▶ **Your task**
Give the data below again exactly as it stands. Omit the pictures.

======== Supplied information

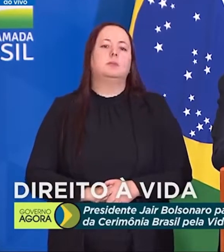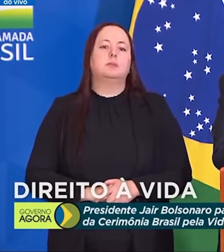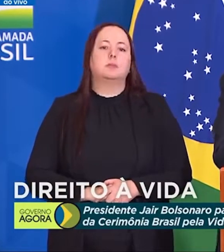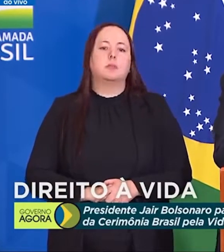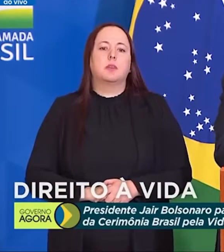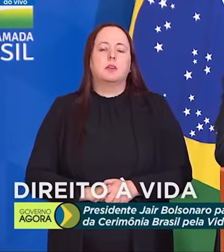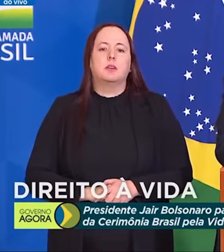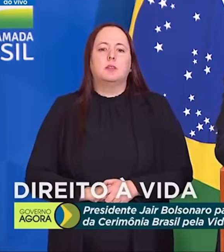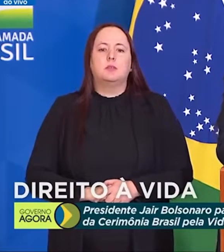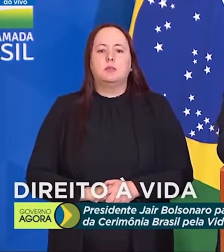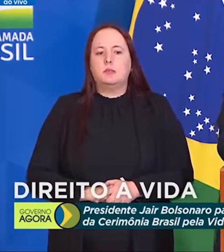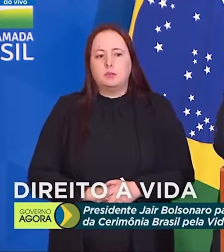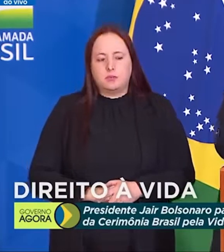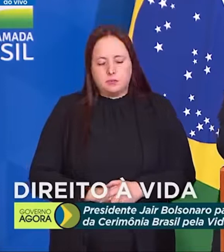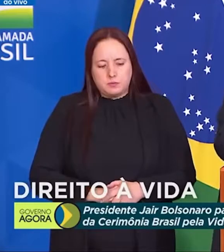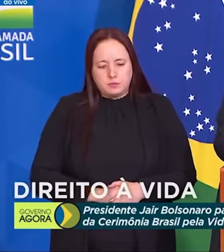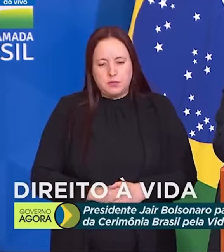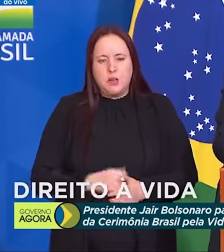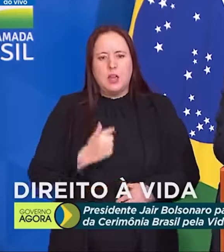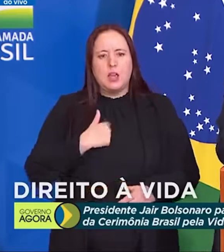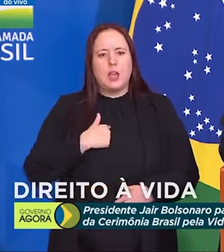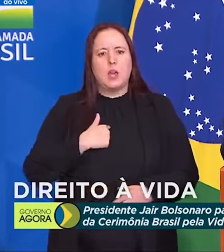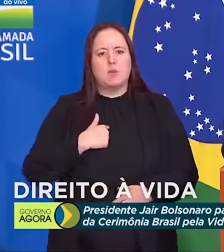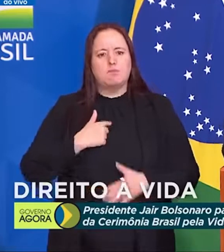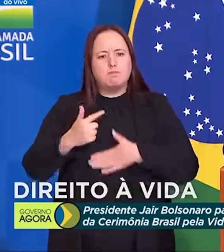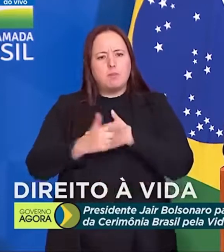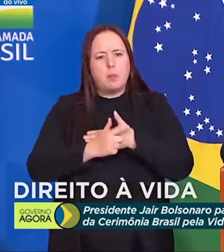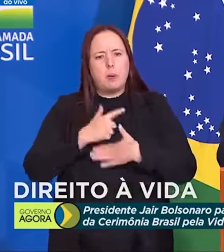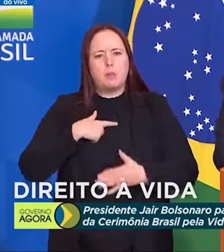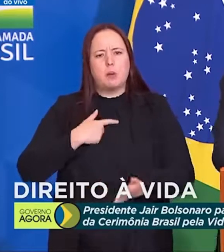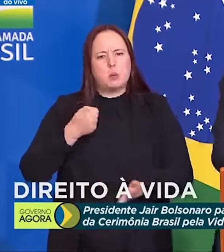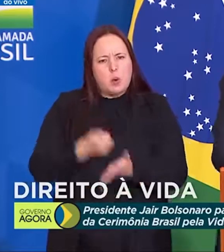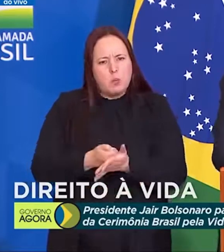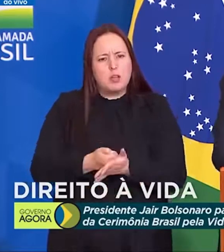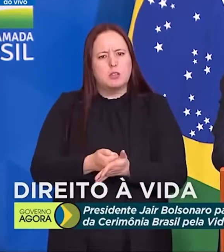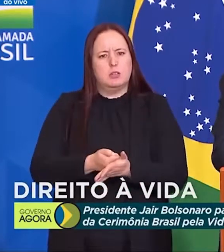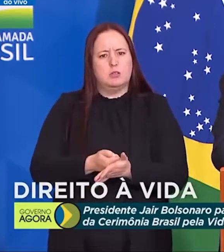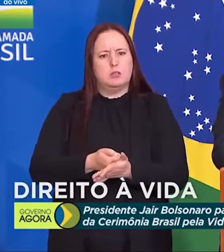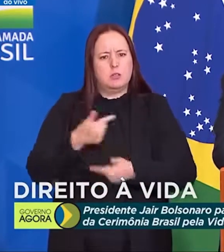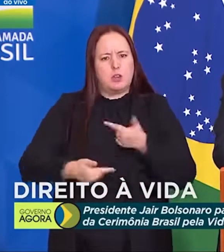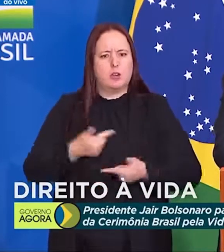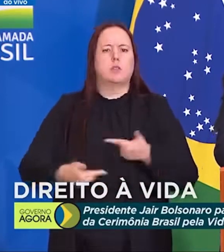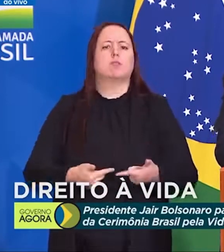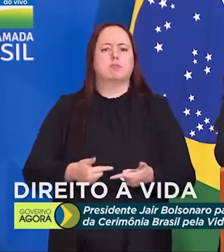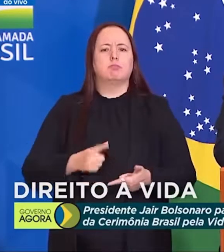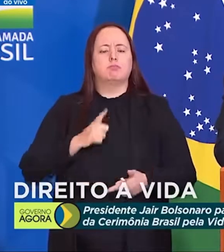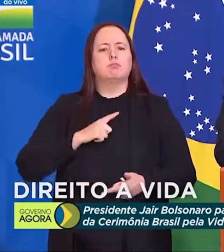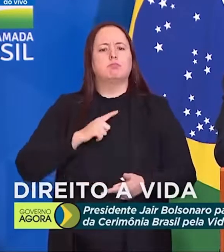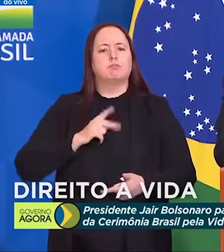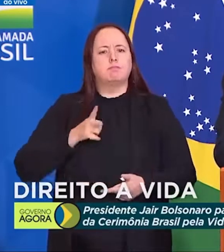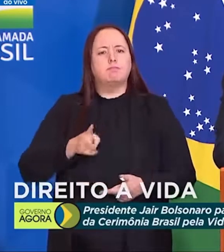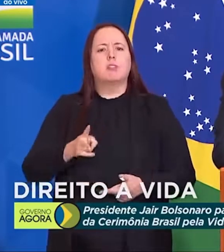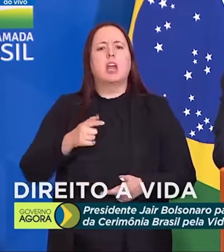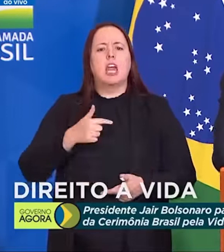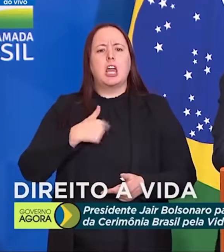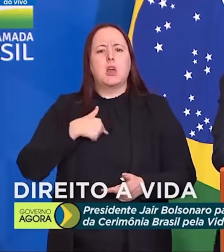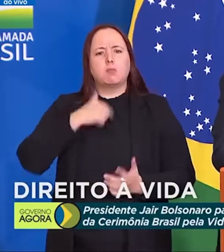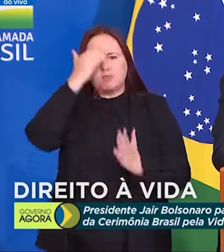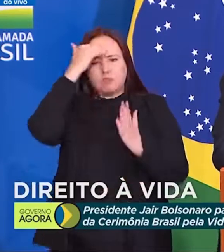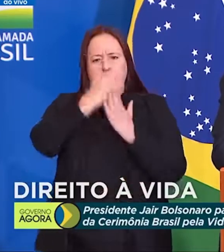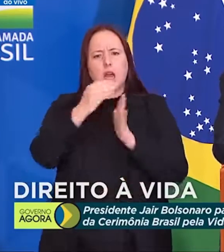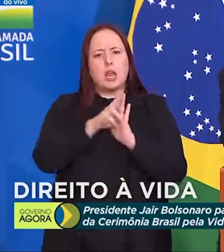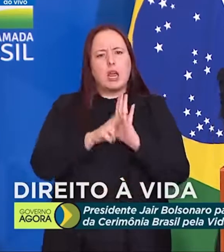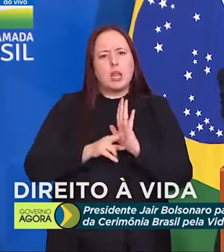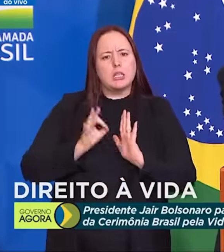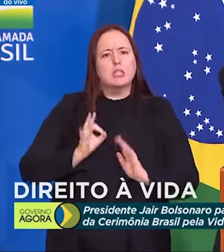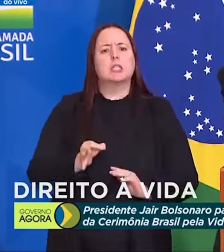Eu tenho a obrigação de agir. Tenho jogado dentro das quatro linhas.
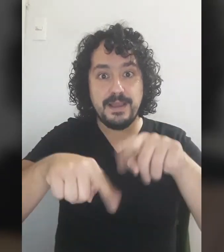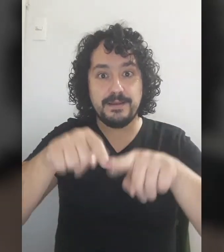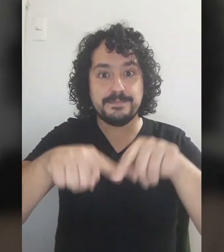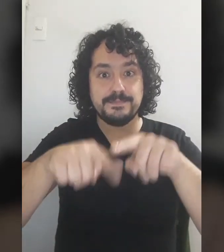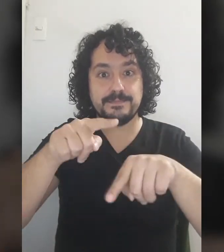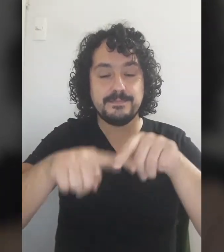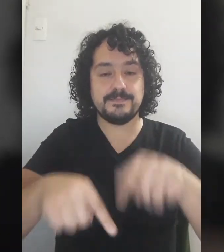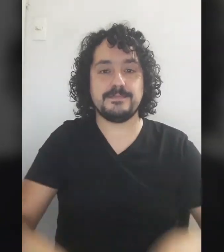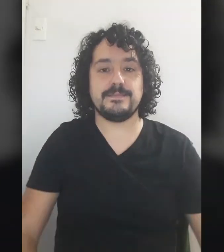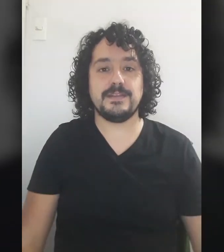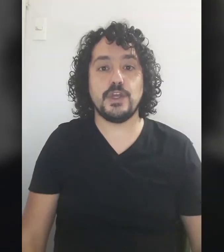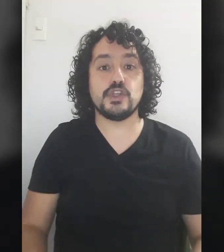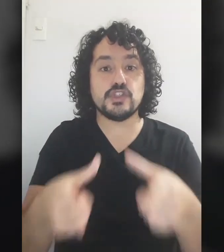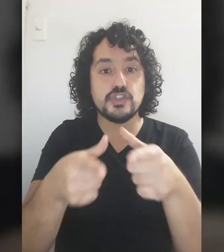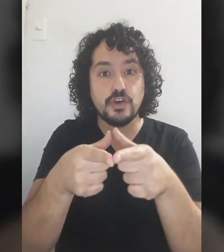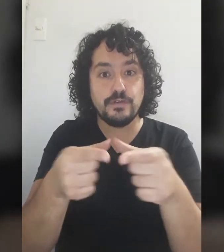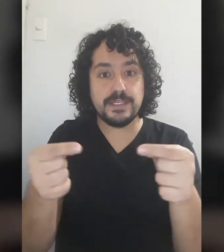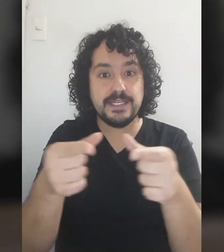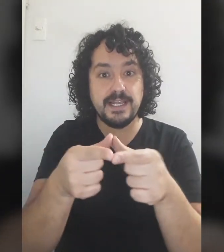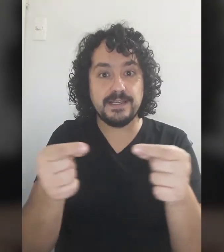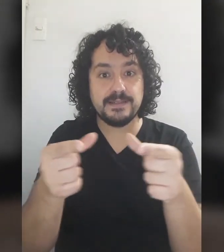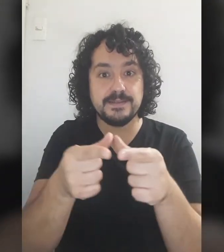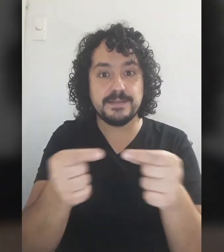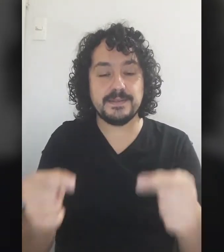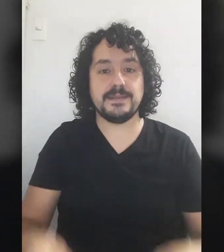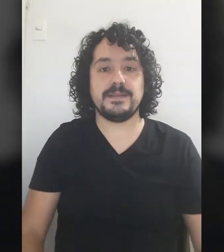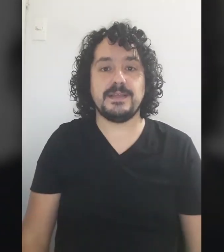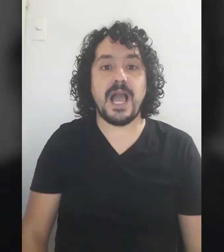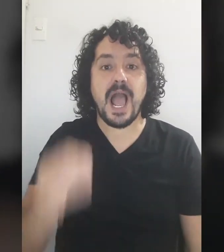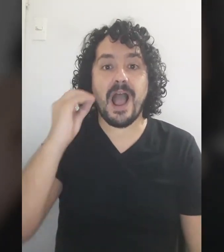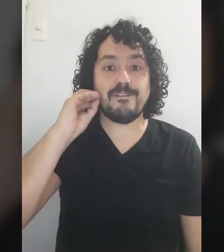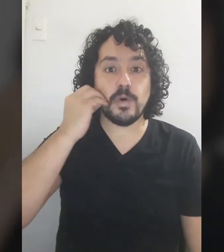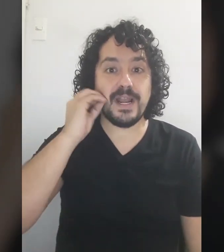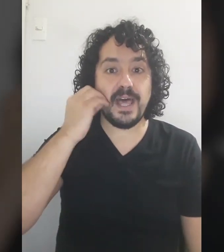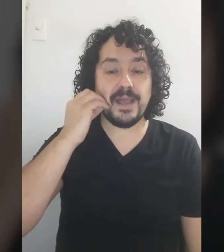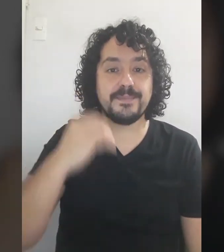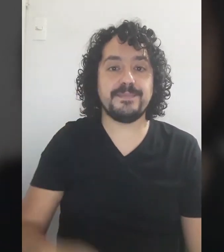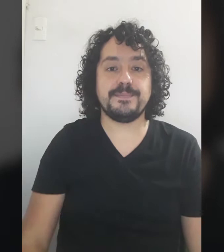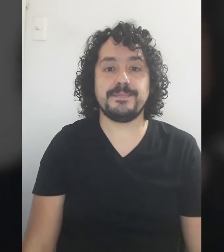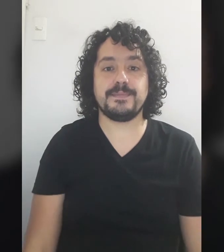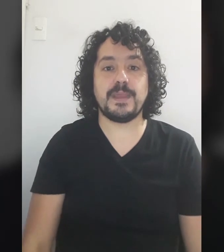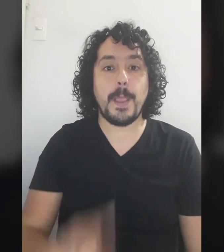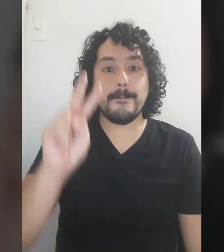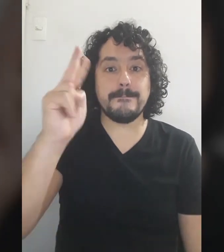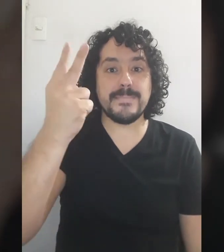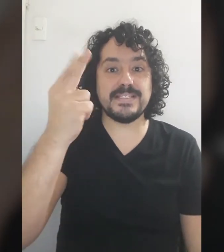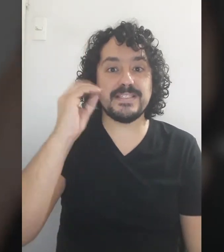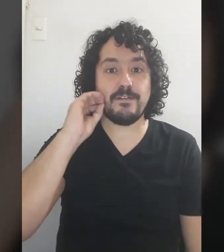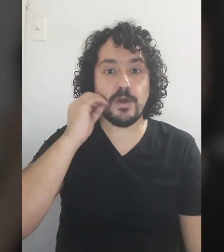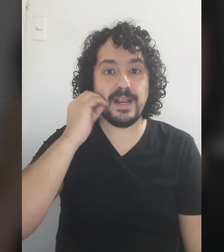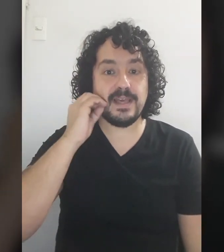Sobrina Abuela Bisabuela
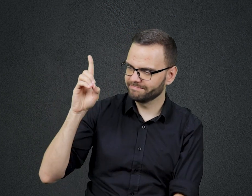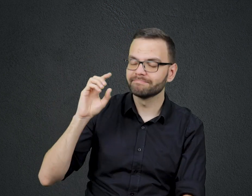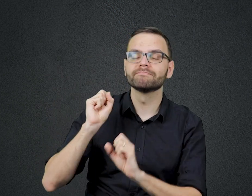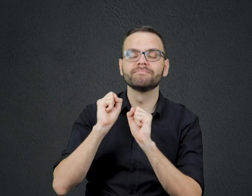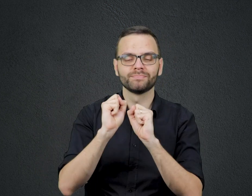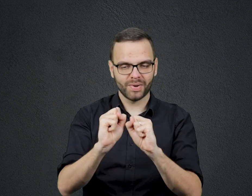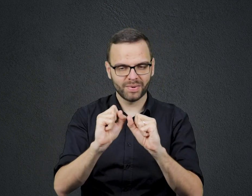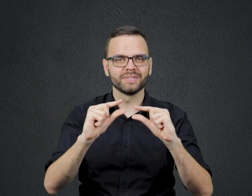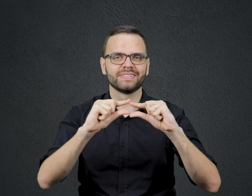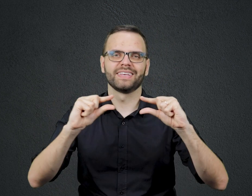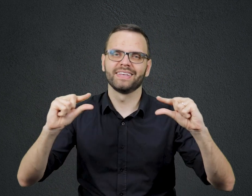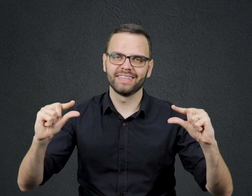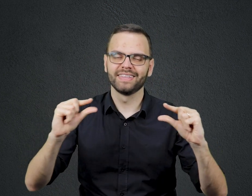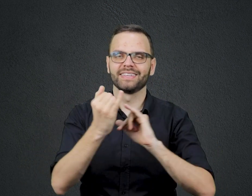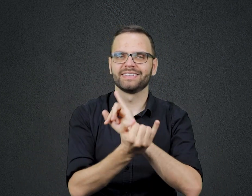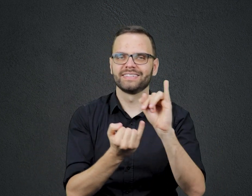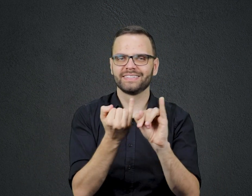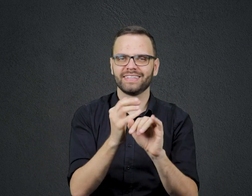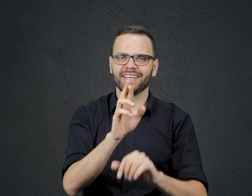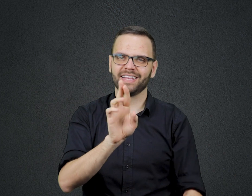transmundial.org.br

================

▶ **Exercise response**
Eu tenho a obrigação de agir. Tenho jogado dentro das quatro linhas.
Sobrina Abuela Bisabuela
transmundial.org.br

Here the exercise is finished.